* Data for this exercise
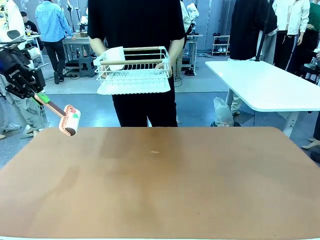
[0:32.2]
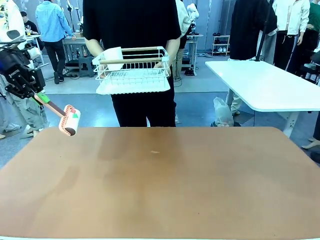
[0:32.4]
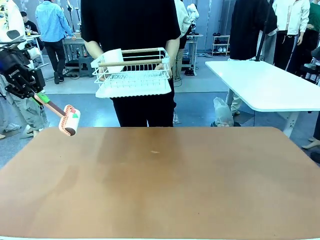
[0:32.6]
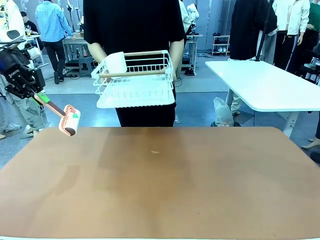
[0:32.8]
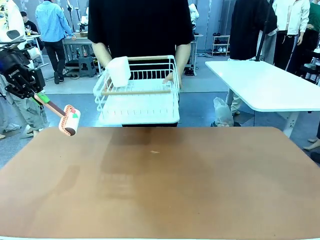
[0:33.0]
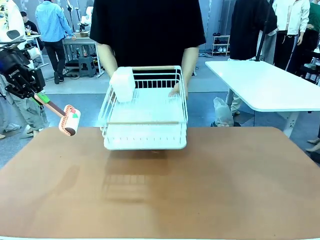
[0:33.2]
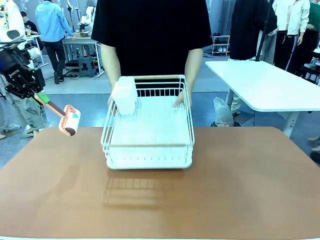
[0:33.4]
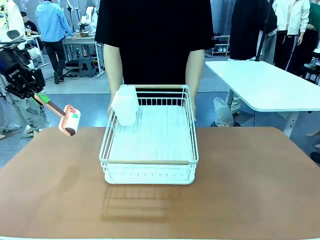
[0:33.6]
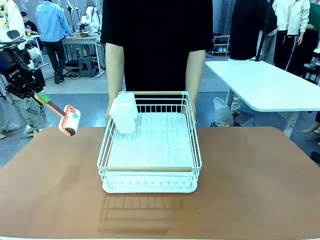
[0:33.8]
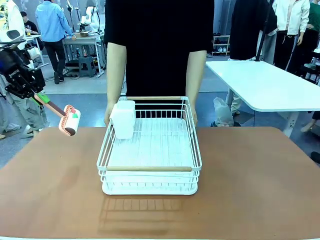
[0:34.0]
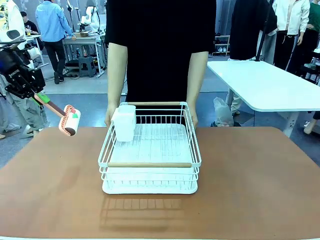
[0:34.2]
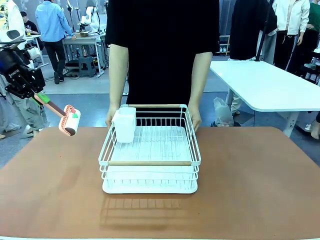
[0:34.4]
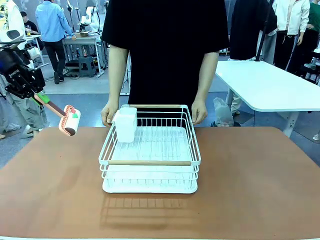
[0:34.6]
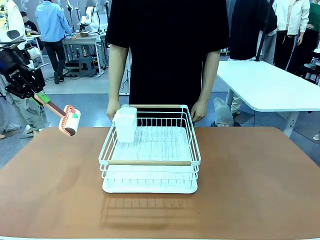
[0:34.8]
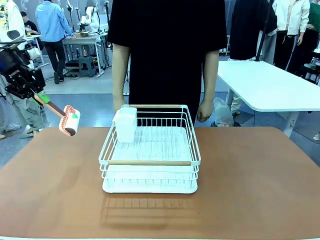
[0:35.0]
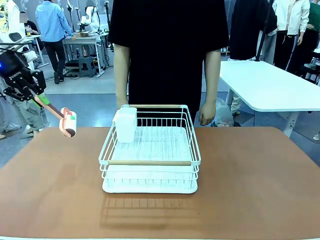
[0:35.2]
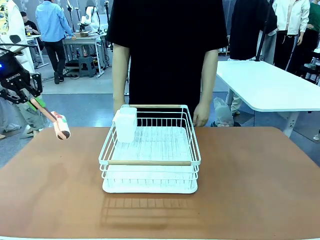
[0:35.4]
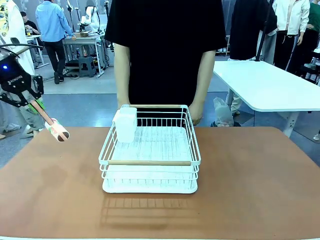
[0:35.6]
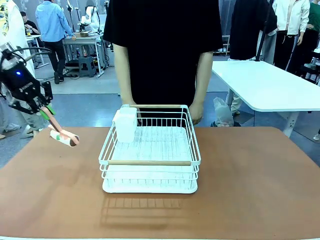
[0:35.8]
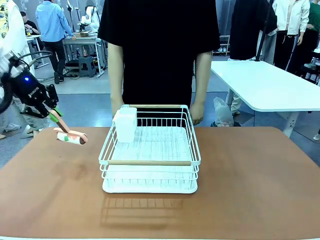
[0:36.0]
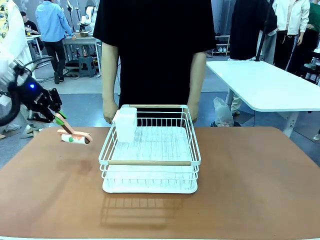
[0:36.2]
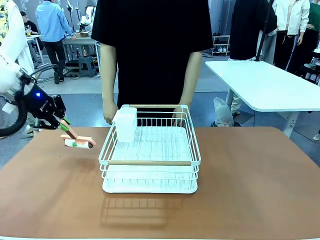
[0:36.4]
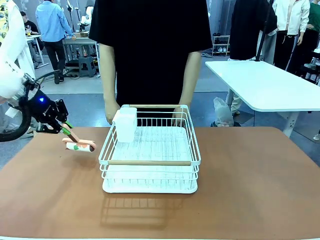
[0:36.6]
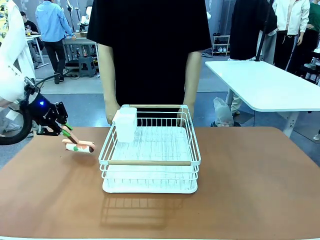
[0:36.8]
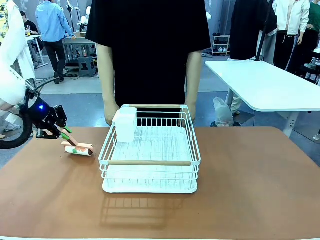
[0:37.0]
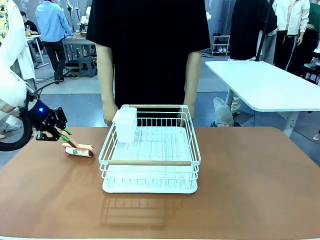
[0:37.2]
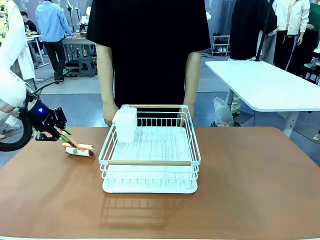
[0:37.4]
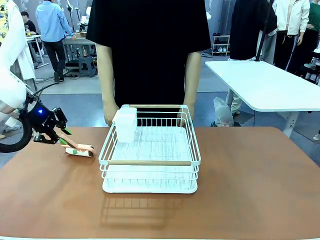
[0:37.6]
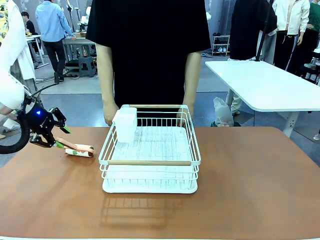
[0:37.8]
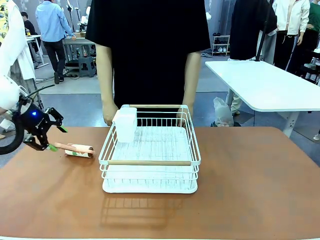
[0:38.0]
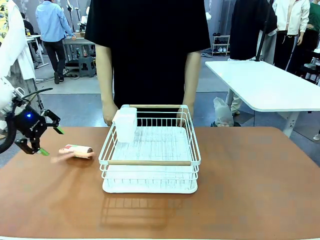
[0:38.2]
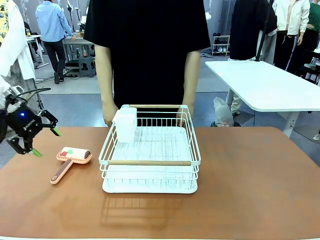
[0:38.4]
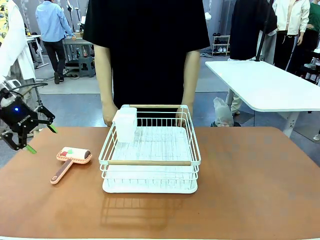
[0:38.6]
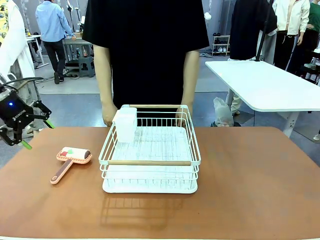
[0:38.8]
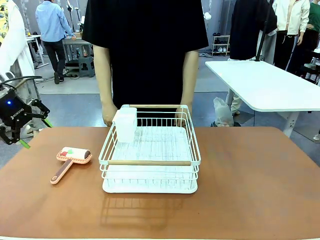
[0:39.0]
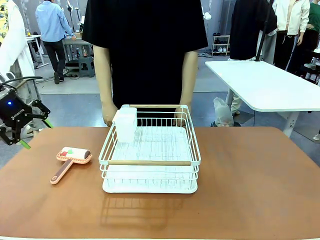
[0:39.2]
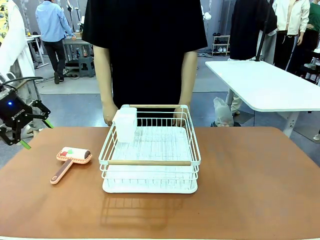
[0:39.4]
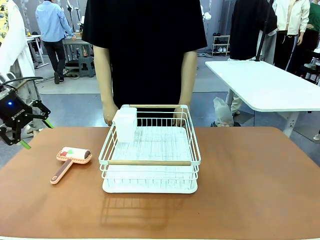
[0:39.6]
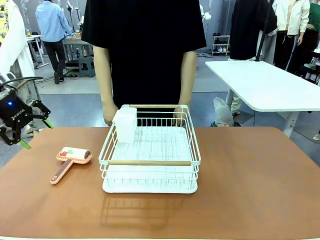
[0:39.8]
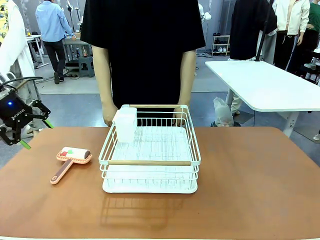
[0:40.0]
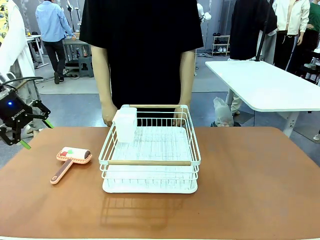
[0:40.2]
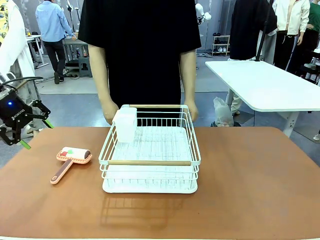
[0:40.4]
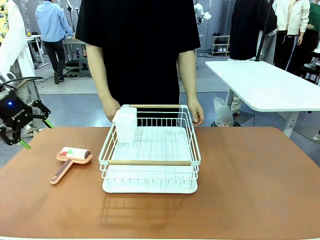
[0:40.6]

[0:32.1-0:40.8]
Task: Clean the table.
Robot: Place the Lint Roller down when the Dish drying rack is positioned in the middle of the table.

* Exercise aim
Omit the pictures, and quote the material above exactly as given.

* Finished exercise
[0:32.2]
[0:32.4]
[0:32.6]
[0:32.8]
[0:33.0]
[0:33.2]
[0:33.4]
[0:33.6]
[0:33.8]
[0:34.0]
[0:34.2]
[0:34.4]
[0:34.6]
[0:34.8]
[0:35.0]
[0:35.2]
[0:35.4]
[0:35.6]
[0:35.8]
[0:36.0]
[0:36.2]
[0:36.4]
[0:36.6]
[0:36.8]
[0:37.0]
[0:37.2]
[0:37.4]
[0:37.6]
[0:37.8]
[0:38.0]
[0:38.2]
[0:38.4]
[0:38.6]
[0:38.8]
[0:39.0]
[0:39.2]
[0:39.4]
[0:39.6]
[0:39.8]
[0:40.0]
[0:40.2]
[0:40.4]
[0:40.6]

[0:32.1-0:40.8]
Task: Clean the table.
Robot: Place the Lint Roller down when the Dish drying rack is positioned in the middle of the table.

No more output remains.